View Lotus Bridge in a larger map

  • There are surprisingly few land borders on Earth where right-hand-drive countries meet left-hand-drive ones. Thanks largely to the British Empire, a majority of the world used to drive their cars and carriages on the left—including the U.S. until the early 19th century, and parts of Canada into the early 20th. But many countries—most of Eastern Europe, parts of Scandinavia, Korea, Argentina, the Philippines—have joined the drive-on-the-right bandwagon during the past hundred years. In fact, most of the remaining major drive-on-the-left countries (Britain, Japan, Australia) are islands, so the border problem doesn’t really come up. Other major exceptions (southeast Africa, the nations that were once British India) come in clusters that mostly border each other.

  • There are a few nations that do have to worry about how to switch traffic at the border. Left-driving Thailand is one; three of its neighbors, Cambodia, Laos, and Myanmar, drive on the right. Most of its high-traffic borders just use a traffic light to alternate the flow of vehicles—a simple solution, when you think about it.

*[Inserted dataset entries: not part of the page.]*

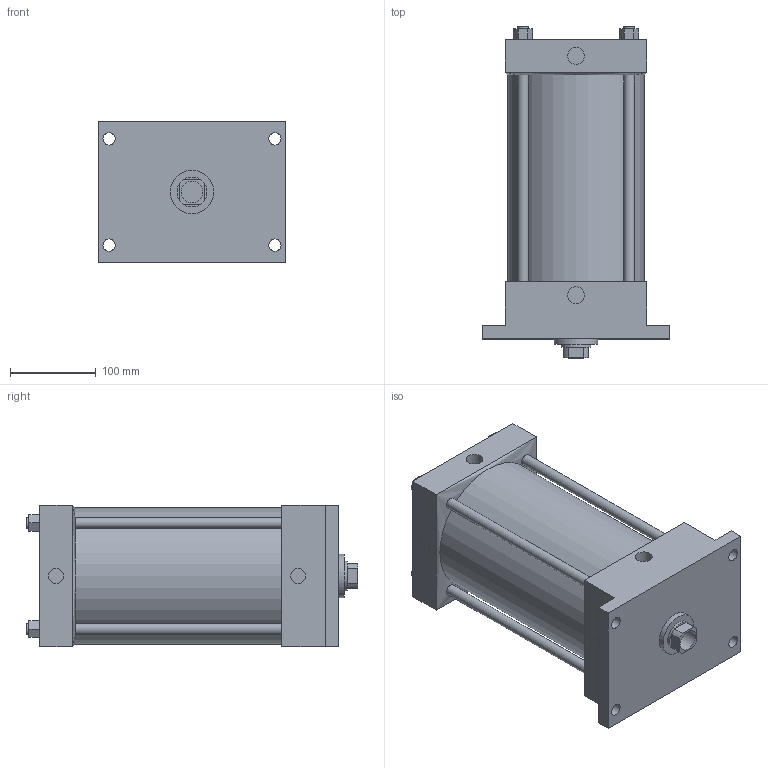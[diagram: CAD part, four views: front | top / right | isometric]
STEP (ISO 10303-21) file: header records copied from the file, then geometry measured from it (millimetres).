
FILE_DESCRIPTION((' Parasolid data model '),'2;1');
FILE_NAME('GSSL','1999-12-15T14:50:56+00:00',(' GSSL '),(' GSSL Pune '),'','GSSL Pune','Author');
FILE_SCHEMA(('CONFIG_CONTROL_DESIGN'));
Length unit declared in the file: millimetre
Bounding box: 219.07 x 387.35 x 165.1 mm (x, y, z)
Surface area: 329088.7 mm2 (no closed solid volume)
Topology: 0 solids, 5 shells, 92 faces, 233 edges, 165 vertices
Faces by surface type: plane 64, cylinder 28
Full cylindrical faces by diameter (mm): 12.7 x8, 14.287 x4, 17.462 x6, 19.771 x2, 25.4 x1, 34.925 x1, 50.8 x1, 158.75 x1
Entity records: 2656 total; most frequent: CARTESIAN_POINT 445, DIRECTION 424, ORIENTED_EDGE 360, EDGE_CURVE 204, VERTEX_POINT 160, EDGE_LOOP 154, LINE 146, VECTOR 146
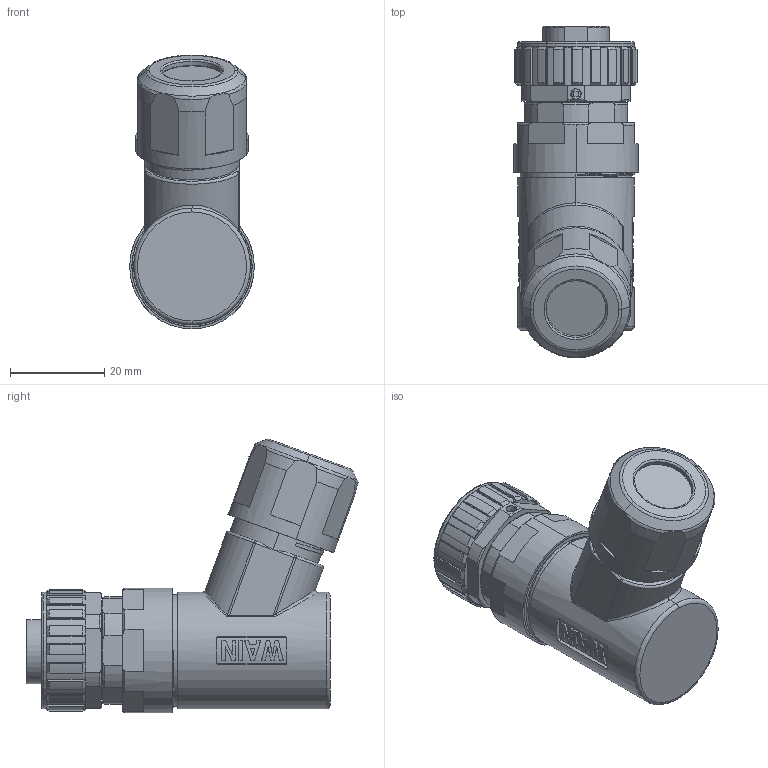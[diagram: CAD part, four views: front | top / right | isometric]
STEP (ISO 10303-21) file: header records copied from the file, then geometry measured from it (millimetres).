
FILE_DESCRIPTION((''),'2;1');
FILE_NAME('7_8-F04-S-DX_SW0001','2021-09-21T',('tc.chen'),(''),'PRO/ENGINEER BY PARAMETRIC TECHNOLOGY CORPORATION, 2012480','PRO/ENGINEER BY PARAMETRIC TECHNOLOGY CORPORATION, 2012480','');
FILE_SCHEMA(('AUTOMOTIVE_DESIGN { 1 0 10303 214 1 1 1 1 }'));
Length unit declared in the file: millimetre
Products named in the file (1): 7_8-F04-S-DX_SW0001
Bounding box: 26.5 x 70.58 x 58.18 mm (x, y, z)
Volume: 41777 mm3; surface area: 11164.2 mm2
Topology: 1 solids, 1 shells, 591 faces, 1523 edges, 982 vertices
Faces by surface type: plane 235, cylinder 215, bspline 70, torus 51, cone 20
Entity records: 27646 total; most frequent: CARTESIAN_POINT 12519, ORIENTED_EDGE 3046, DIRECTION 2605, EDGE_CURVE 1523, AXIS2_PLACEMENT_3D 990, VERTEX_POINT 982, EDGE_LOOP 643, VECTOR 625

  • But there are more elegant arrangements, ones that allow for continuous traffic—such as the bridges of Macau. Macau was a Portuguese colony for more than 400 years, and at the time it was handed back to China in 1999, it was the last European colony in Asia. Like Hong Kong, Macau still drives on the left under Chinese rule, which means travelers between Macau and other parts of China must switch sides of the road without even leaving the country! At the Lotus Bridge between Macau and Hengqin Island, cars on the Chinese side loop under the bridge on a weirdly asymmetric partial cloverleaf in order to switch lanes.

  • I’ve only personally been to one left-to-right interchange, and it was a tiny border town between Thailand and Cambodia. There was no traffic to speak of, just an occasional truck getting waved through by border agents. Interestingly, a similar rule applies at the world’s most unusual left-to-right border: the service tunnel between tracks of the “Chunnel” beneath the English Channel, used by maintenance vehicles and for emergencies. The service tunnel switches from left to right in the middle, so I assume every conflict is resolved by a complicated Anglo-French duel 250 feet below the waves.